Response to CMS, Value, and Interface

Posted by on Mar 10, 2014 in Laura | One Comment

Considering that this article, to me, reads like stereo instructions (Beetlejuice reference, anyone?), I was able to pull up a few original ideas. Knowledgeable as he is, I do not believe that he skillfully relates this knowledge to readers. The one brief section that I was able to understand is near the beginning, when he assigns “presence” a value. My interpretation may be wrong, but I believe that he is asserting that the imaginary value assigned to the posts on BleacherReport.com lie in the online presence and attention that the authors are receiving.
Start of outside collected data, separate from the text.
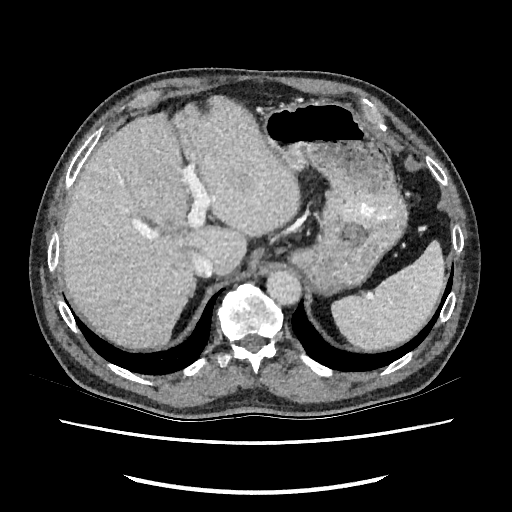

Computed tomography.

Liver — [62, 97, 297, 348].
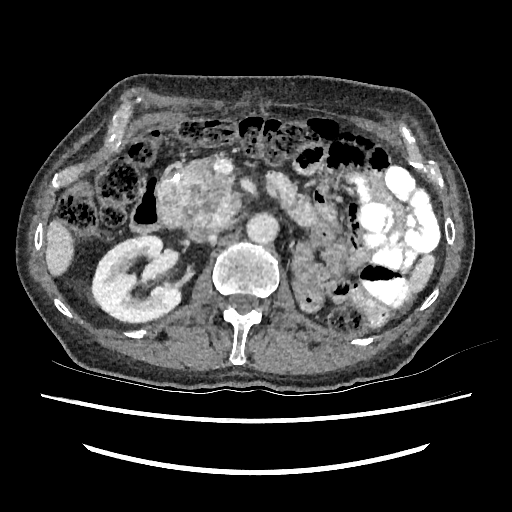 CT scan slice, Image size 512x512
{
  "kidney": [
    "92,236,180,322"
  ],
  "liver": [
    "47,222,73,274"
  ]
}
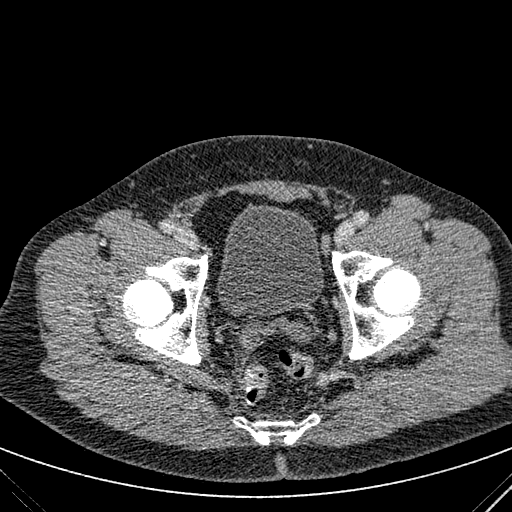

Lower abdomen, CT slice
urinary bladder: [x1=217, y1=203, x2=324, y2=316]
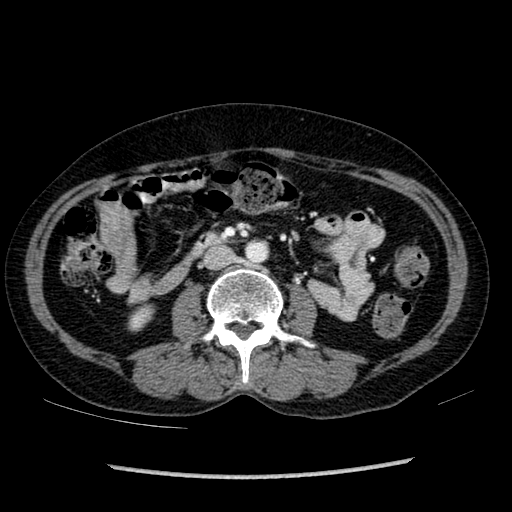
Abdomen, CT
Kidney: bbox(133, 314, 145, 326).
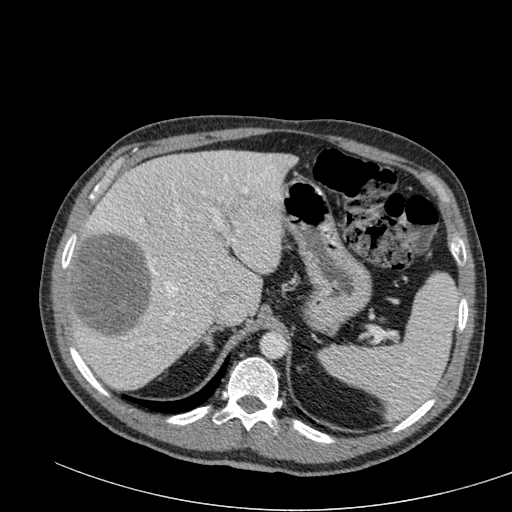

CT
The liver lesion is bounded by [66,233,150,336]. The liver is bounded by [68,150,296,389].
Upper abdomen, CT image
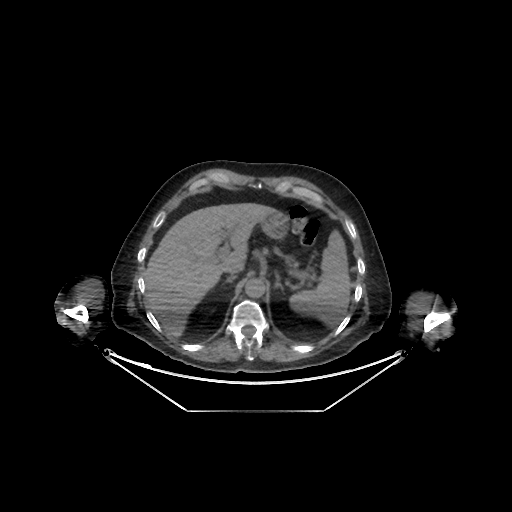
Liver = bbox=[141, 203, 275, 336].
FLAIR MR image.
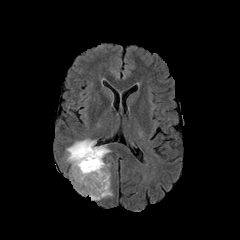
T1-weighted MR image.
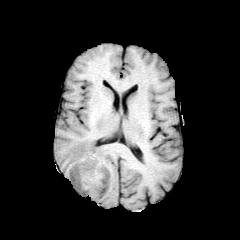
Post-contrast T1-weighted magnetic resonance.
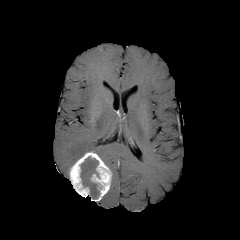
T2-weighted MR image.
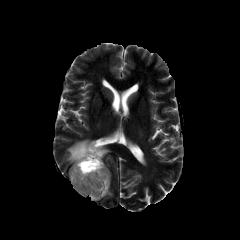
Head
Segmented structures:
* edema: [64,139,110,167], [82,176,97,198]
* non-enhancing tumor core: [80,157,99,195]
* enhancing tumor: [69,151,110,201]
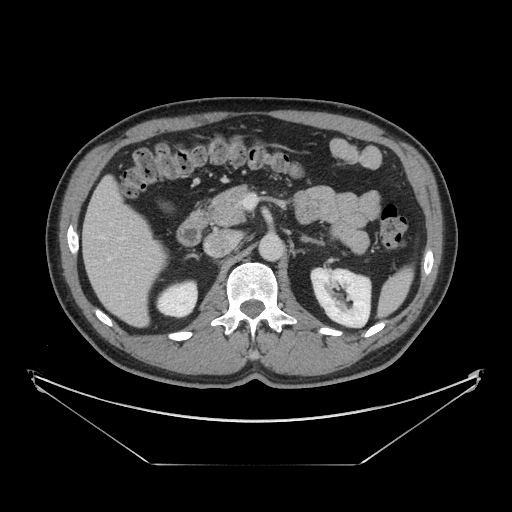
512x512 px, CT scan slice, Upper abdomen
pancreas: bbox=[207, 185, 249, 226]
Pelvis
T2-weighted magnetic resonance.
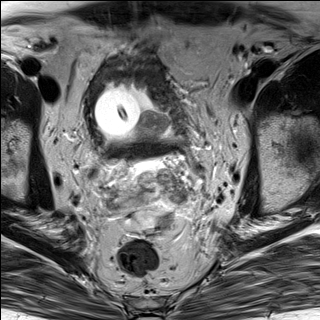
ADC MRI.
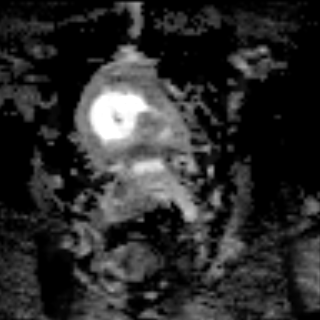
Prostate transition zone — [x1=139, y1=114, x2=164, y2=138].
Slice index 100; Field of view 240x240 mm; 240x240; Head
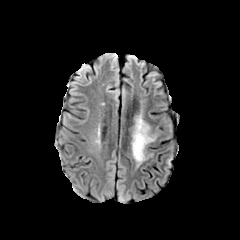
FLAIR MR image.
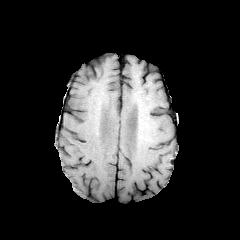
T1-weighted MRI.
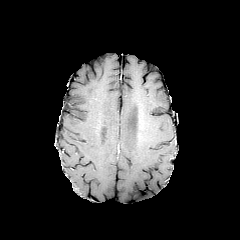
Post-contrast T1-weighted MR of the same slice.
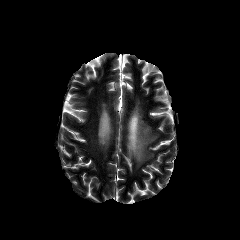
Same slice, T2-weighted MR.
The edema is at <bbox>131, 116, 155, 165</bbox>.
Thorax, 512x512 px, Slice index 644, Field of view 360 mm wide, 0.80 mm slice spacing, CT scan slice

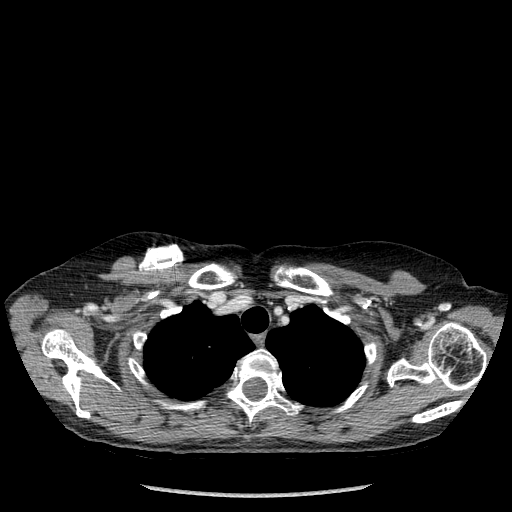
2 lung regions appear at {"x1": 266, "y1": 304, "x2": 364, "y2": 406}, {"x1": 144, "y1": 301, "x2": 268, "y2": 400}. 13 bone regions are bounded by {"x1": 133, "y1": 331, "x2": 146, "y2": 349}, {"x1": 128, "y1": 358, "x2": 146, "y2": 383}, {"x1": 335, "y1": 383, "x2": 367, "y2": 412}, {"x1": 226, "y1": 349, "x2": 302, "y2": 422}, {"x1": 160, "y1": 302, "x2": 181, "y2": 318}, {"x1": 41, "y1": 329, "x2": 119, "y2": 418}, {"x1": 275, "y1": 267, "x2": 332, "y2": 296}, {"x1": 364, "y1": 342, "x2": 376, "y2": 363}, {"x1": 387, "y1": 322, "x2": 486, "y2": 390}, {"x1": 323, "y1": 307, "x2": 350, "y2": 324}, {"x1": 188, "y1": 264, "x2": 235, "y2": 289}, {"x1": 156, "y1": 401, "x2": 204, "y2": 410}, {"x1": 412, "y1": 400, "x2": 463, "y2": 422}.
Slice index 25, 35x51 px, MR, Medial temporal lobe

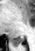
Posterior hippocampus: bounding box box(12, 36, 24, 42).
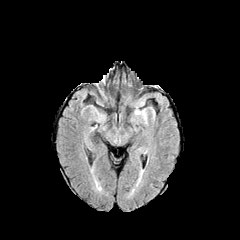
FLAIR MR image.
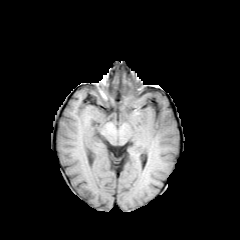
T1-weighted MR image of the same slice.
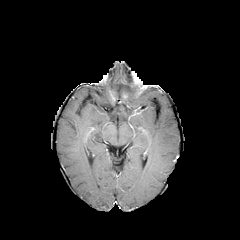
Post-contrast T1-weighted magnetic resonance.
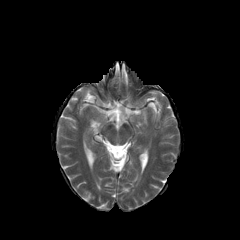
T2-weighted magnetic resonance.
Head
The edema is bounded by x1=136 y1=107 x2=147 y2=119.
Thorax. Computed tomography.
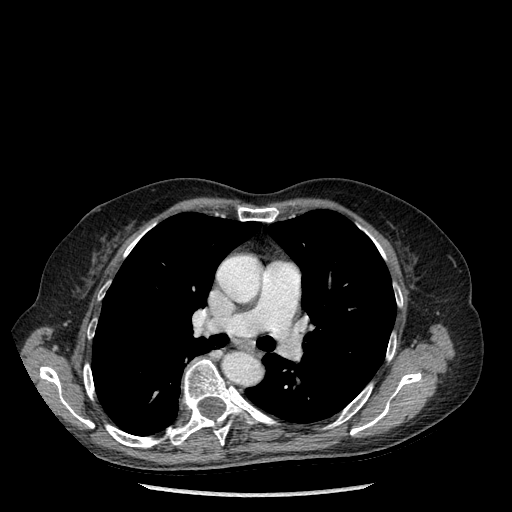 Bone: (left=386, top=333, right=396, bottom=360), (left=123, top=223, right=155, bottom=257), (left=393, top=283, right=402, bottom=306), (left=87, top=319, right=96, bottom=338), (left=105, top=359, right=275, bottom=447), (left=98, top=282, right=108, bottom=299), (left=238, top=206, right=278, bottom=222), (left=365, top=229, right=386, bottom=259), (left=350, top=371, right=421, bottom=435), (left=39, top=366, right=94, bottom=428), (left=83, top=364, right=94, bottom=399), (left=327, top=384, right=372, bottom=428).
Lung: (left=92, top=212, right=260, bottom=435), (left=246, top=210, right=396, bottom=423).
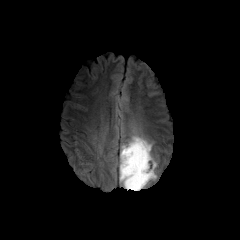
FLAIR MR.
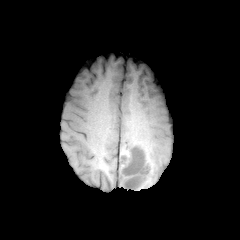
T1-weighted MRI of the same slice.
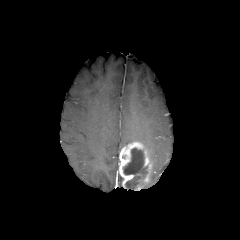
Post-contrast T1-weighted MR image of the same slice.
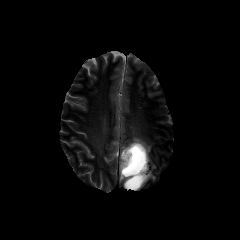
Same slice, T2-weighted MR.
240x240 px
Non-enhancing tumor core at x1=124, y1=148, x2=145, y2=190.
Edema at x1=120, y1=135, x2=156, y2=186.
Enhancing tumor at x1=144, y1=150, x2=149, y2=165; x1=119, y1=141, x2=145, y2=188; x1=135, y1=176, x2=147, y2=190.
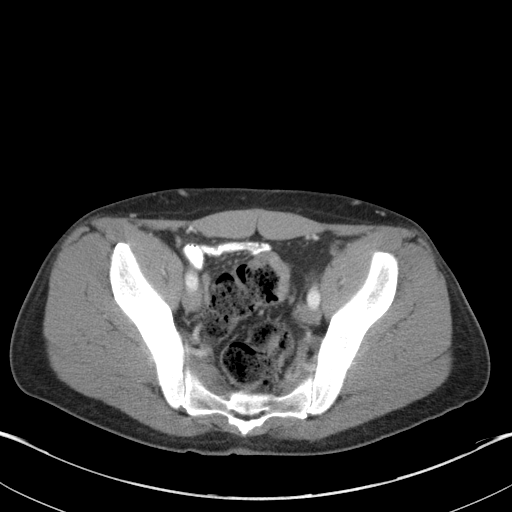
CT scan slice

colon tumor: x1=248 y1=252 x2=288 y2=300
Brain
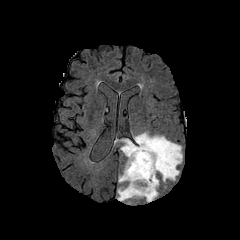
FLAIR MR image.
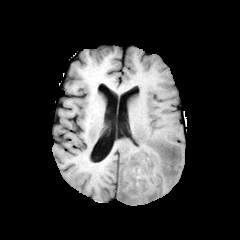
T1-weighted MRI.
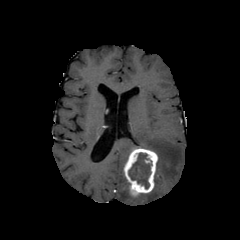
Same slice, post-contrast T1-weighted MR.
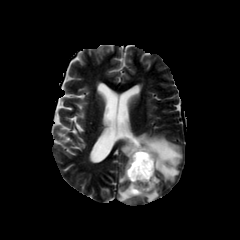
T2-weighted MR image.
<segmentation>
  <edema><bbox>114, 137, 134, 157</bbox>, <bbox>118, 174, 159, 203</bbox>, <bbox>118, 174, 126, 183</bbox>, <bbox>133, 132, 182, 182</bbox></edema>
  <non-enhancing_tumor_core><bbox>137, 178, 147, 187</bbox>, <bbox>129, 153, 149, 179</bbox></non-enhancing_tumor_core>
  <enhancing_tumor><bbox>123, 145, 158, 197</bbox></enhancing_tumor>
</segmentation>

Behind the interface, authors and their content are merely the “presence” that draws in readers, ad companies, and big profits. Because of that, McKinney chooses to further address the interface itself, but that’s where I get lost.

1 Comment

  1. L. M. Freer
    March 11, 2014

    I agree with you about the muddled argumentation–but I actually think that’s because we’re not seeing the entire conversation. McKinney’s post rests upon a whole body of knowledge that remains implied/implicit throughout his analysis. I’ll try to tease some of that out for you all in class. But once we’ve done that, if anyone has any better examples of the core ideas at work (namely, a Marxist analysis of the ways in which digital content creation is and is not labor), I’d be open to hearing about more transparent/intelligible resources.

    You definitely got his example right–but I think the bigger import of what he’s saying maybe needs more explanation than I provided or than he does.